Physiology Objectives 44

Physiology Objectives 44

1. Central organization of respiratory control: feedback from chemoreceptors, mechanoreceptors, and cortex to brainstem control. Brainstem then controls the ventilatory pump. This is done through three major brainstem centers and spinal integration:

a.  Medullary respiratory center: dorsal respiratory group is important in mediating inspiration (receives input from CNIX and CNX and outputs through the phrenic nerve to the diaphragm). Ventral respiratory group is important in mediating active expiration and is normally not functioning (passive respiration requires no brainstem input)

b.  Apneustic center (lower pons): sends signals to the dorsal respiratory group to increase inspiration length

c.  Pneumotaxic center (upper pons): sends signals to end inspiration

d.  Spinal integration: control in the rostral (T1-T8) region inhibits respiratory activity while the caudal (T9-T12) region stimulates respiratory activity

Differences between respiratory and cardiac rhythm generation: since the respiratory system maintains homeostasis of many compounds as well as voluntary input, reliance on a single rhythm is insufficient (there are many inputs because ventilation is important in many different pathways)

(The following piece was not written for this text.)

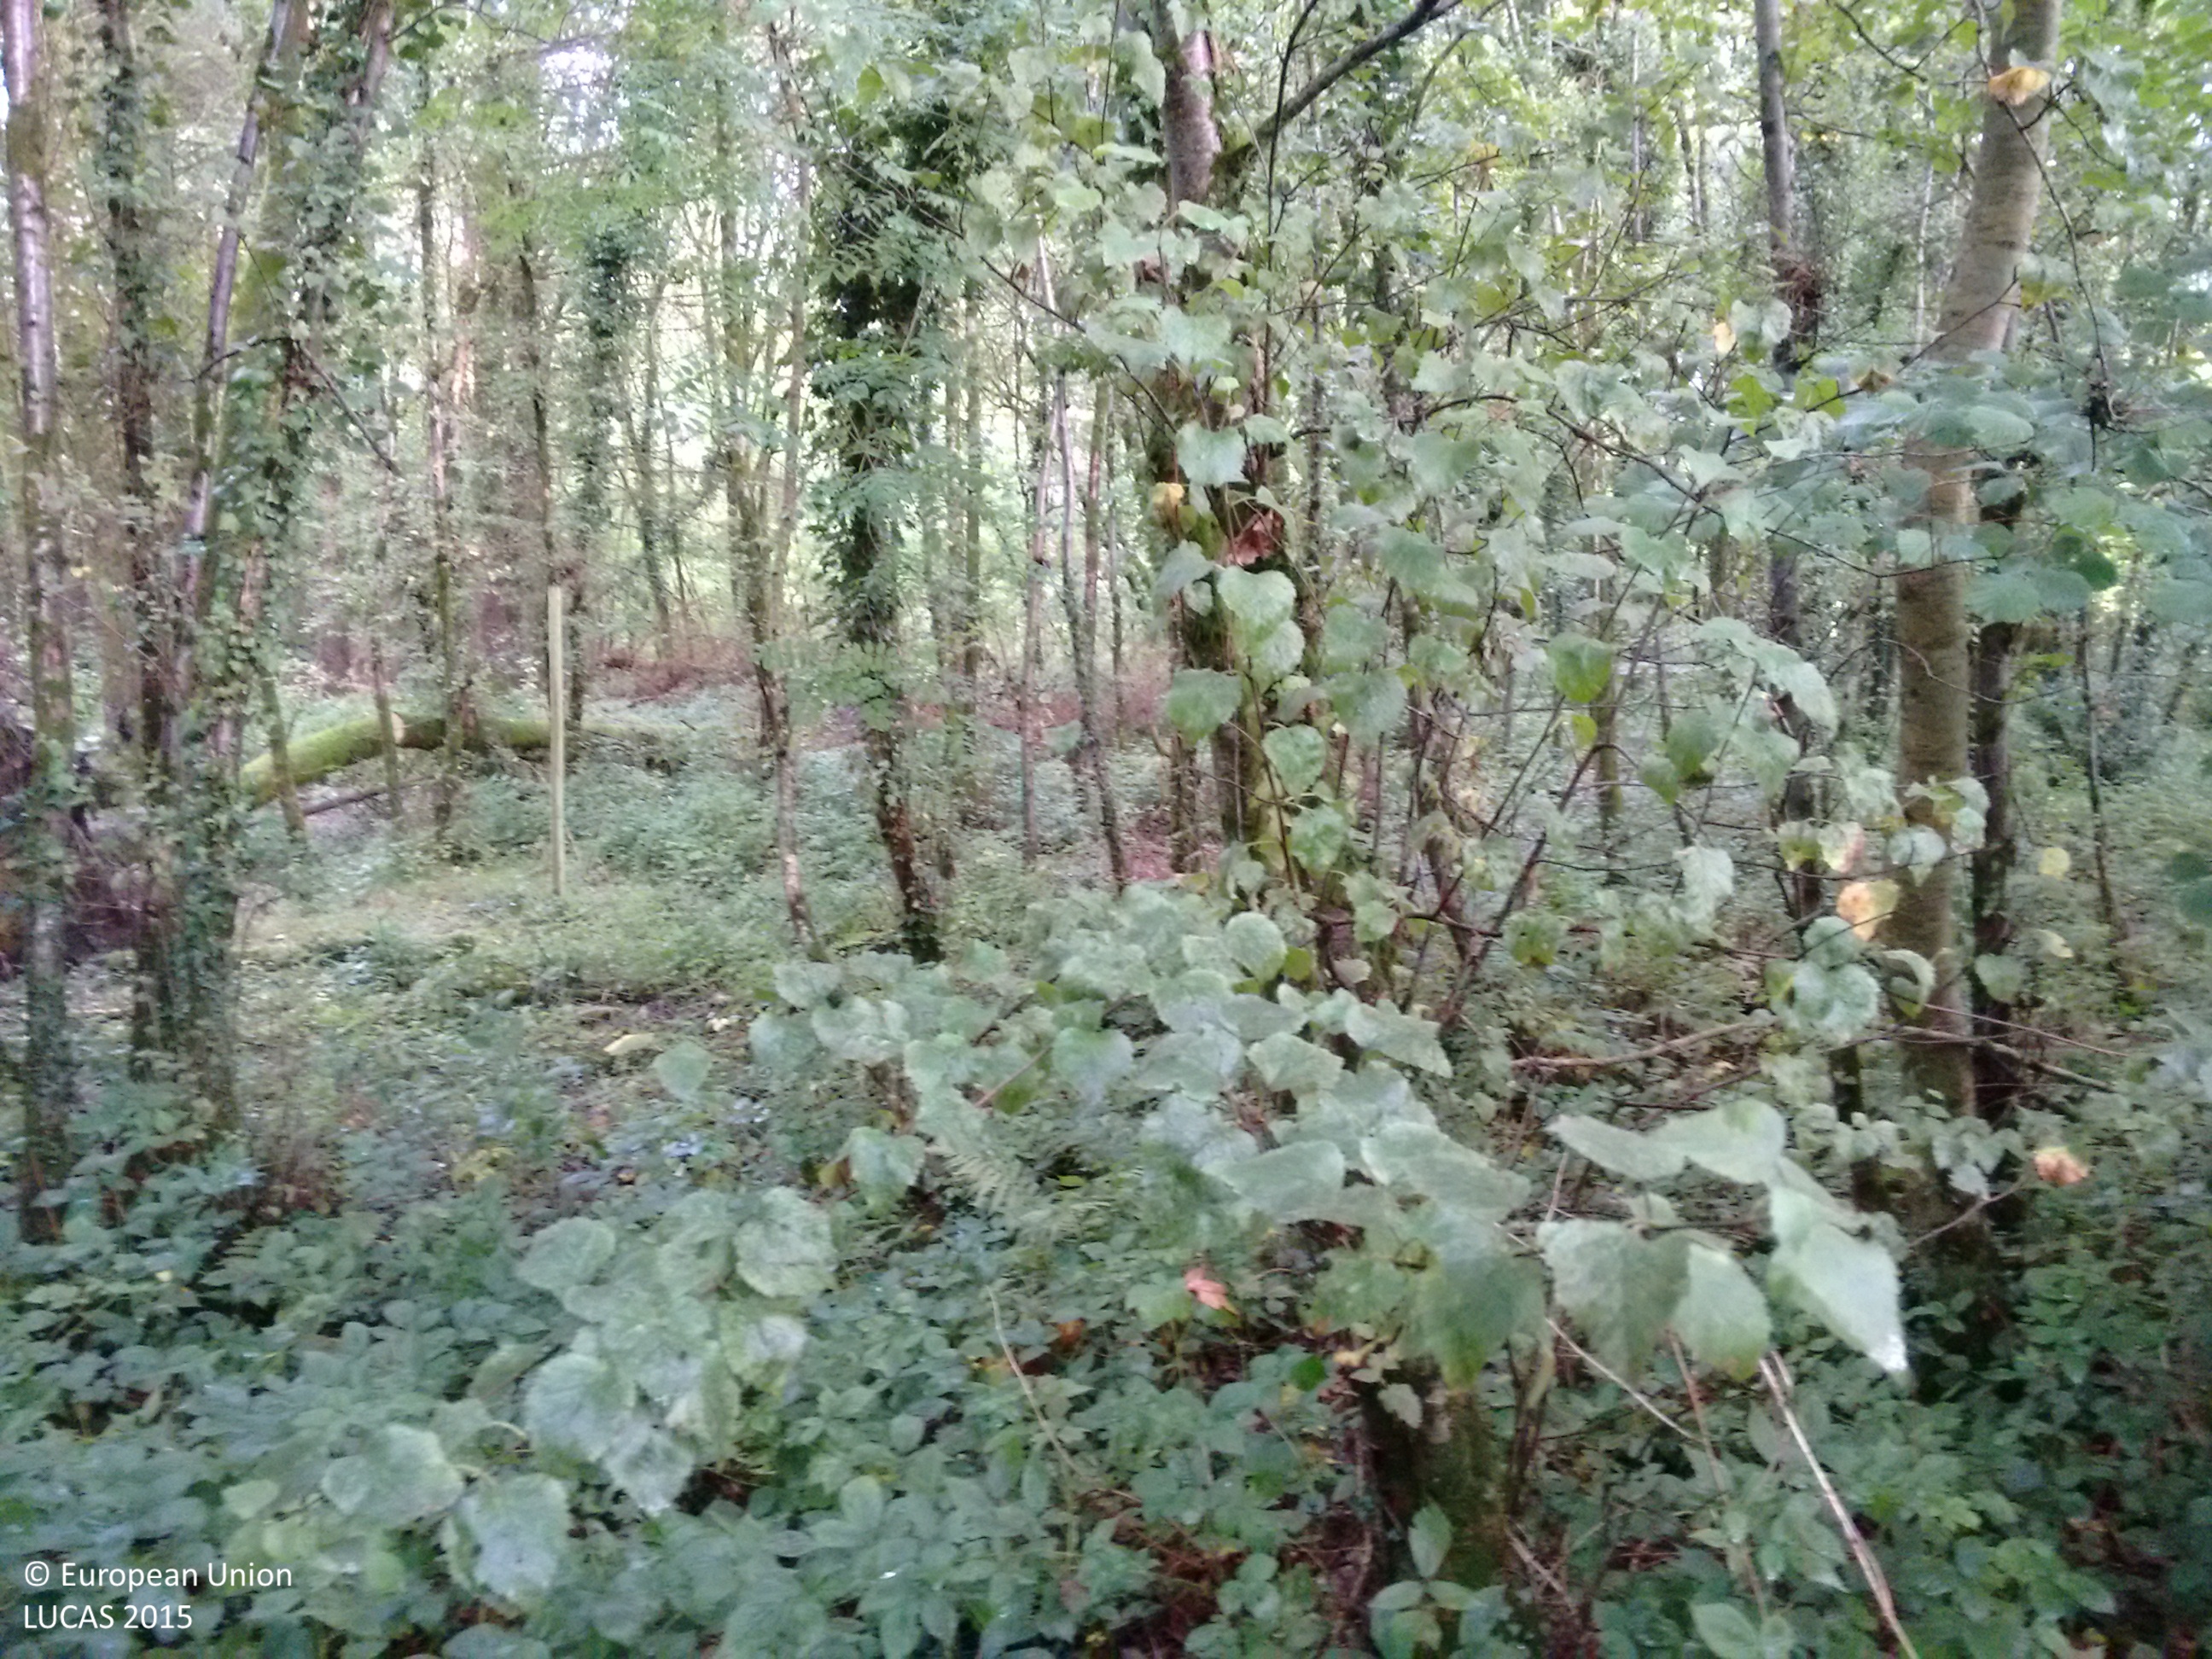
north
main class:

Multiple input requirement for respiratory control: the respiratory system responds to chemoreceptor, mechanoreceptor, baroreceptor, temperature receptors, cortical input, and brainstem input

2. Input difference between chemical homeostasis and mechanical function: chemical homeostasis is controlled by chemoreceptors while mechanical function is controlled by mechanoreceptors

3. Chemical control of ventilation:

a.  Central chemoresceptors (70-80% of PCO2 response): responds to increased H+ in CSF. Increased H+ in CSF is made solely by circulatory CO2 crossing the blood-brain barrier, making H2CO3, and dissociation into H+ and HCO3-. Thus, it does not respond to low PO2 or plasma pH changes.

b.  Peripheral chemoreceptors (10-20% of PCO2 response): located in the carotid bodies and aortic arch; respond to changes in PCO2, pH,and PO2 because of direct interaction with bloodstream. The carotid body receptors are more sensitive to chemical homeostasis while the aortic arch receptors are receptive to blood flow.

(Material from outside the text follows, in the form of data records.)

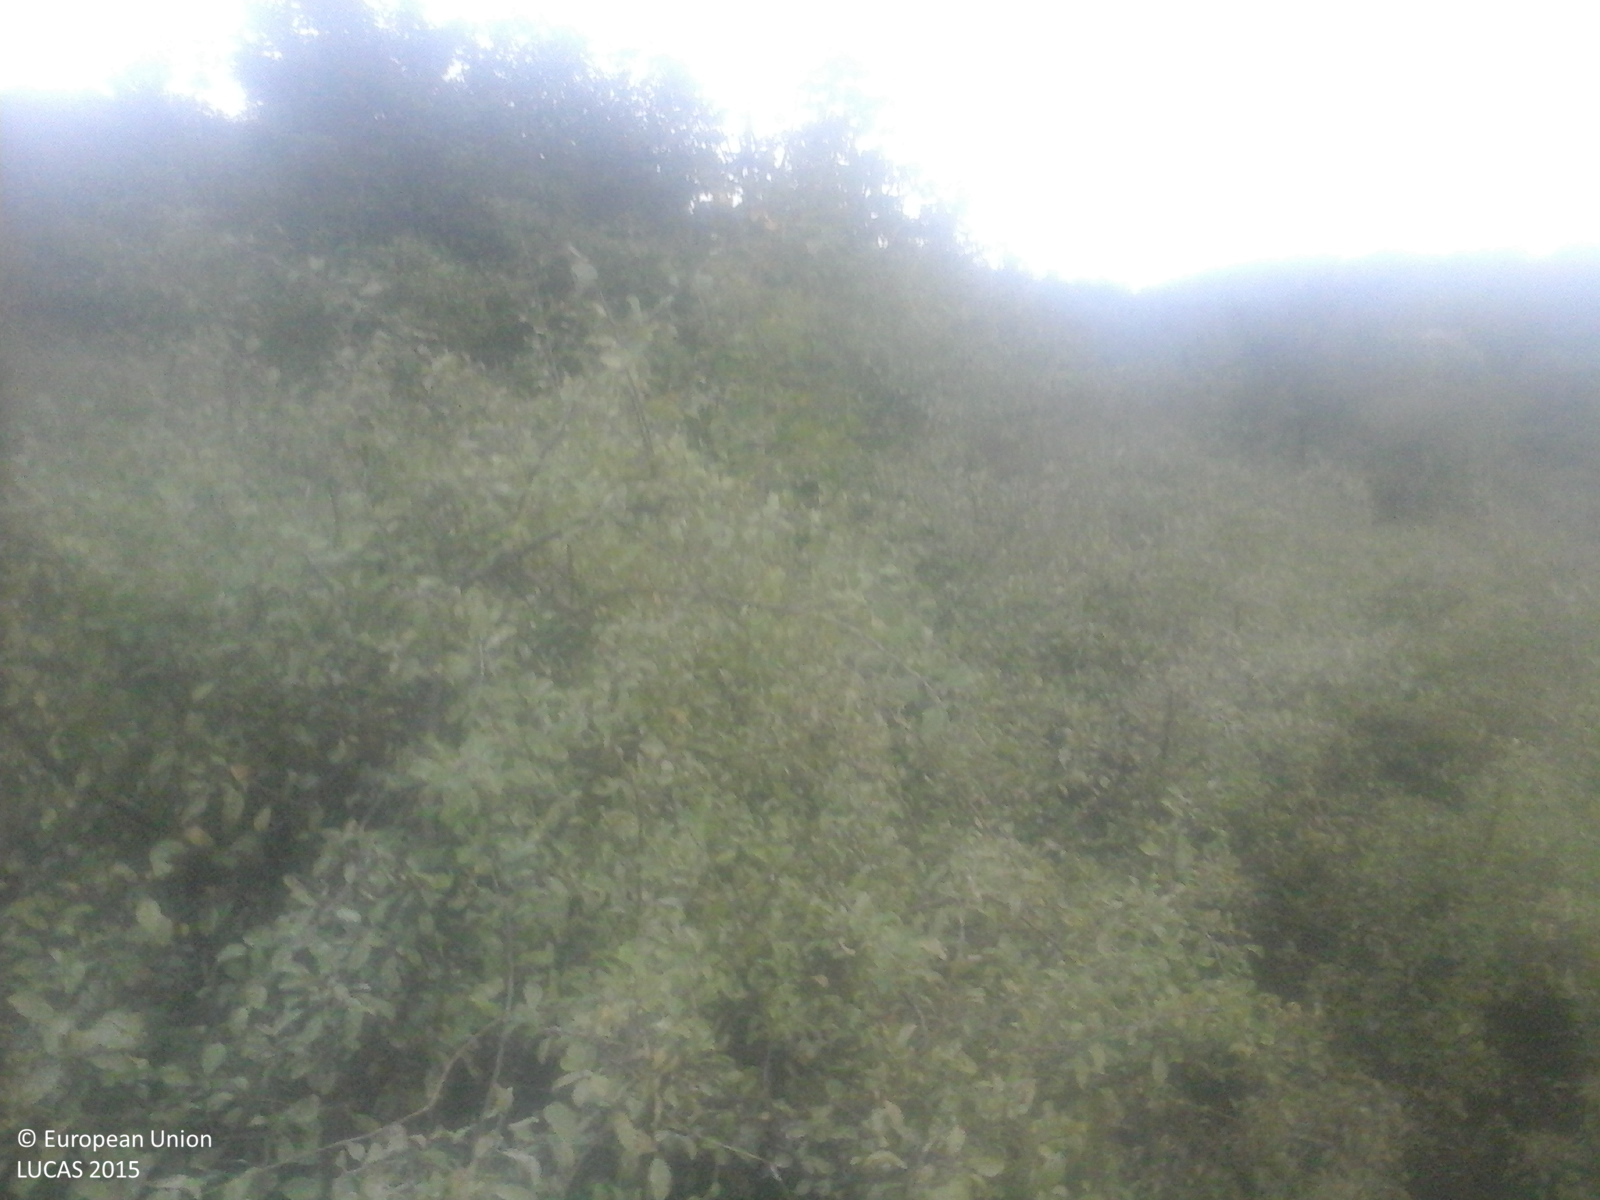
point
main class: Shrubland
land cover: Shrubland without tree cover
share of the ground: > 75 %
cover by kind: shrubs 100 %
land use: Semi-natural and natural areas not in use
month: September
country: RO
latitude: 44.6723
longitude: 23.3348

·  Note: carotid body receptors are sensitive to hypoxia, but do not increase their signal sigmoidally in concert with hemoglobin dissociation. Thus, until PO2 reaches below 100 mmHg, carotid sinus input is minimal. Between 100 mmHg and 60 mmHg there is a mild increase, and below 60 mmHg there is a drastic increase.

Anatomic difference between oxygen and carbon dioxide controllers: carbon dioxide controllers are located both peripherally and centrally, whereas oxygen controllers are located peripherally; also, signals from carbon dioxide controllers react linearly while oxygen controllers react sigmoidally.

4. Chemical control response to:

a.  Blood pH: at acidotic levels, ventilation increases at low PaCO2, and to minute increases in PaCO2. Conversely, at alkalotic levels, ventilation increases at high PaCO2, and to large increases in PaCO2. This is due to the need for oxygen delivery (associate low pH with high blood [CO2] and low blood [O2]. Ventilation in this case needs to increase to restore homeostasis.)

b.  Oxygen: low PaO2 increases the need for oxygen in the tissues. Thus, at low PaO2, there is increased ventilation at low PaCO2 and increased ventilation in response to minute changes in PaCO2.

c.  Carbon dioxide: high PaCO2 increases the need for oxygen delivery to tissues, and therefore, ventilation increases sharply in response to low PaO2.